When G&R, like all good young rock acts, were joyously debasing themselves in the seedy underbelly of late 80’s Sunset Strip. Their dream was to one day have their music be utilized by Disney Corp in order to entertain mindless families on their annual pilgrimages.
Where aspiring young movie stars go to die. Well I guess it beats waiting tables until you get your big break.
Something good has come from viewing this video.
.
I now know who to contact to get my Free Gold Investor’s Kit.
So much…that’s SO wrong together…I…what?…And they CHEERED?…need opiates…sweet, sweet opiates…ewok Slash?…mix opiates with alcohol…bye bye…no more bad dreams…wake me when it’s over.
Why was I subjected to this?
Wow! I thought I had already commented that the interwheb steals my dreams.
.
It’s so hot in Ontario I’ve opened my doobie dungeon as a cooling center for Wild Turkey.
.
It is going to be insomnia tonight no matter how cool I get the manor. Who’s staying up and being ridiculous with me while I stone my bad self.
Fun fact: No one involved with this has ever had sex. Nor will they ever.
@Rev
Experiencing little sleep on my end too, so more then likely will check in and make sure you’re stoning yourself correctly.
i honestly thought i could not get more alienated from the disney themeparks demographic than i already am.
i suppose it helps in the financing andconceptualizing of such things that disney didn’t produce star wars, otherwise they wouldn’t be treating it like snow white in a 2live crew video.

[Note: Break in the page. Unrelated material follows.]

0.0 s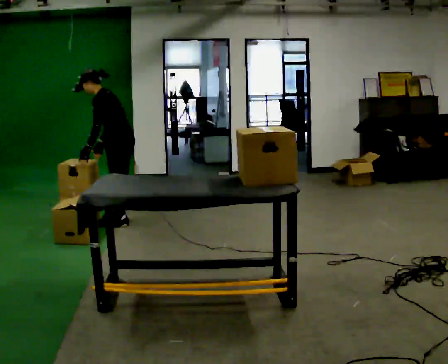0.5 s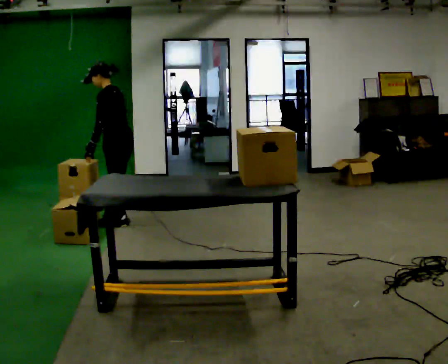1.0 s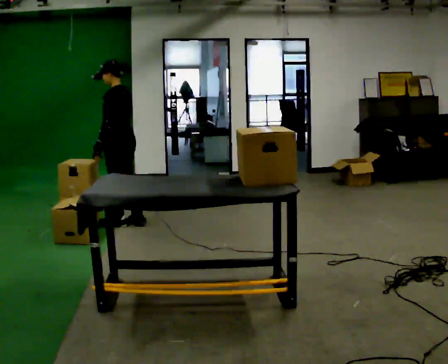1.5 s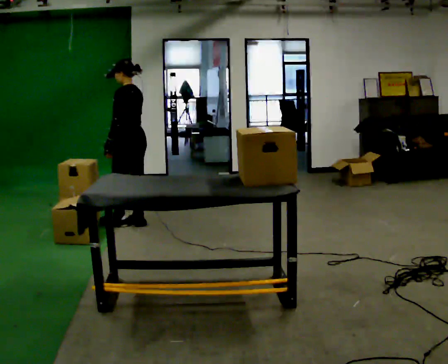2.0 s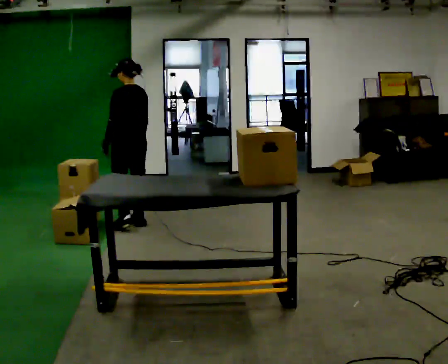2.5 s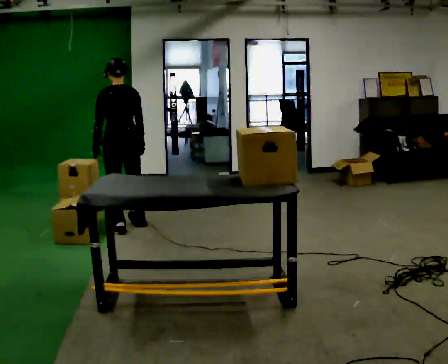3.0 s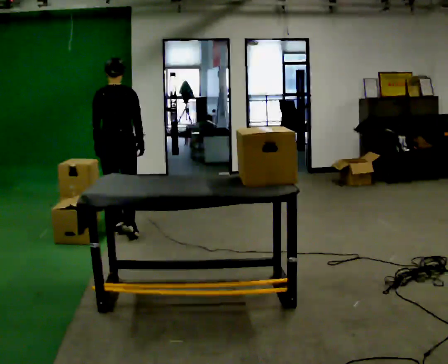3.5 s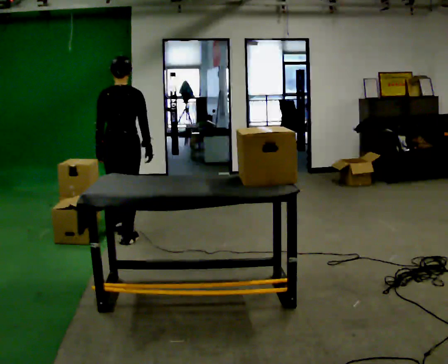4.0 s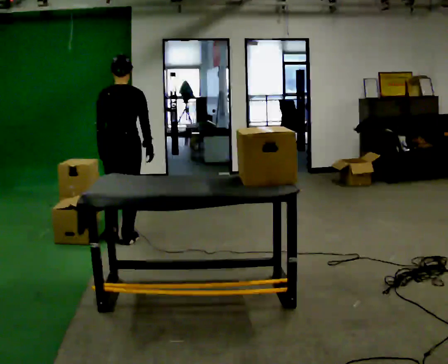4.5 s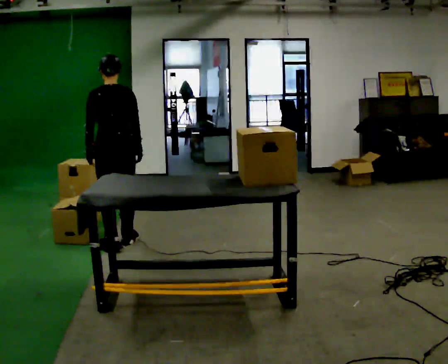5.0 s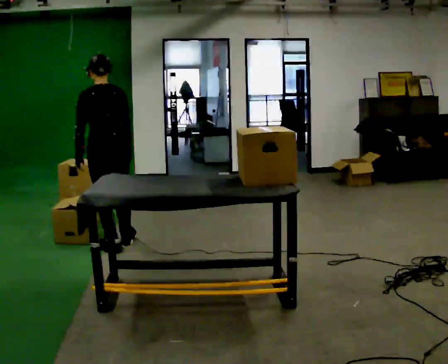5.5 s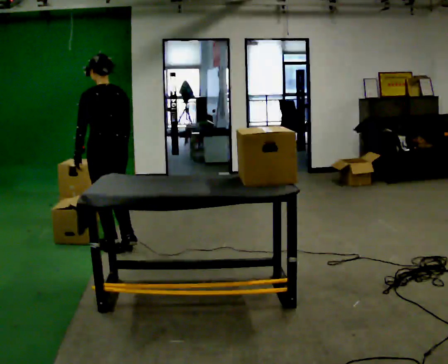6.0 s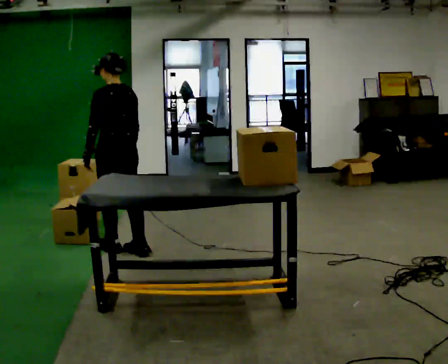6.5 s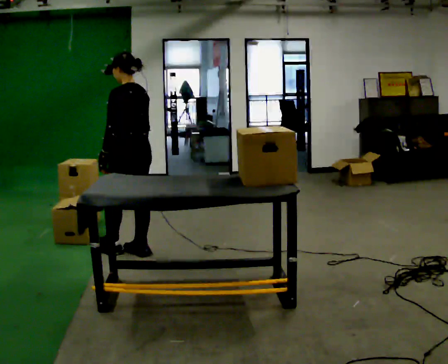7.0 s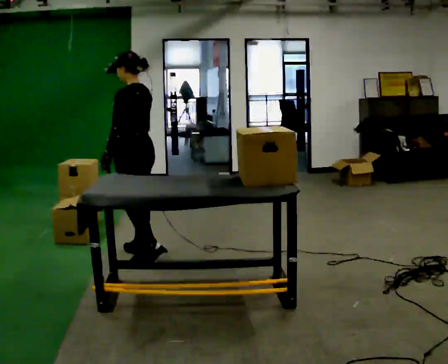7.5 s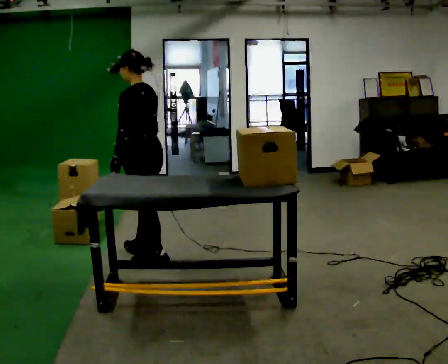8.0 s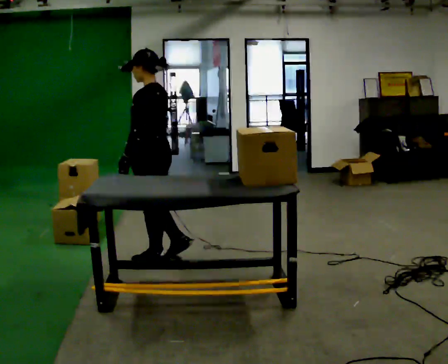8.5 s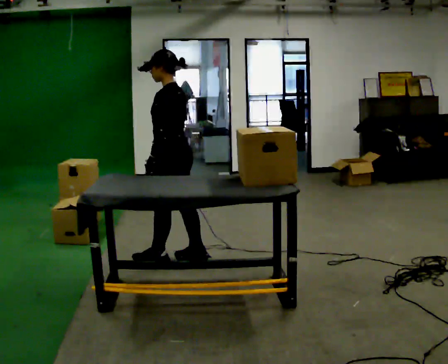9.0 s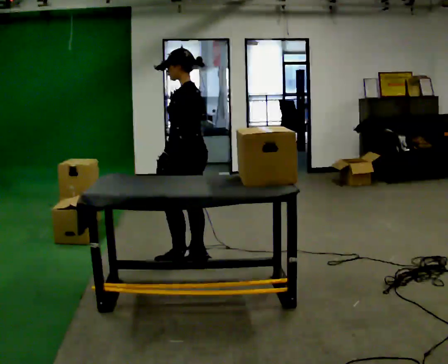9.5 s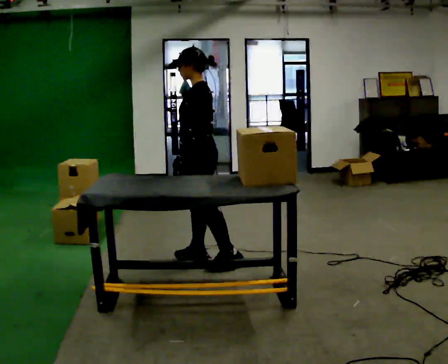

i would love to see a gauntlet thrown. perhaps an ice show where the characters from cinderella act out the roxanne, roxanne, wars.
+1 to Edith for the UTFO reference. Son.
They did it all for the Wookie,
So you can take that Snookie
And stick it up your ass
And speaking of Fuck Fred Durst, I got some up front tix this Friday for the New Orleans Rush concert; they’re playing “Moving Pictures” in it’s entirety. I’m taking little Sock; he’s 7 and he loves Rush; it will be his first concert.
.
Spoiled L’il shit!
Moving Pictures in its entirety?,,,fuck me, thats great.
Limelight solo,,,son. Fuccen most underrated solo ever.
I might change my screen name to Ewok Slash.
I dont see many popped collars anymore, Im hoping that fad is over.
this is like the banana splits on acid. Really bad speedy acid cut with strychnine.
Wow!!! a Fred Durst reference, what a talentless punk he was.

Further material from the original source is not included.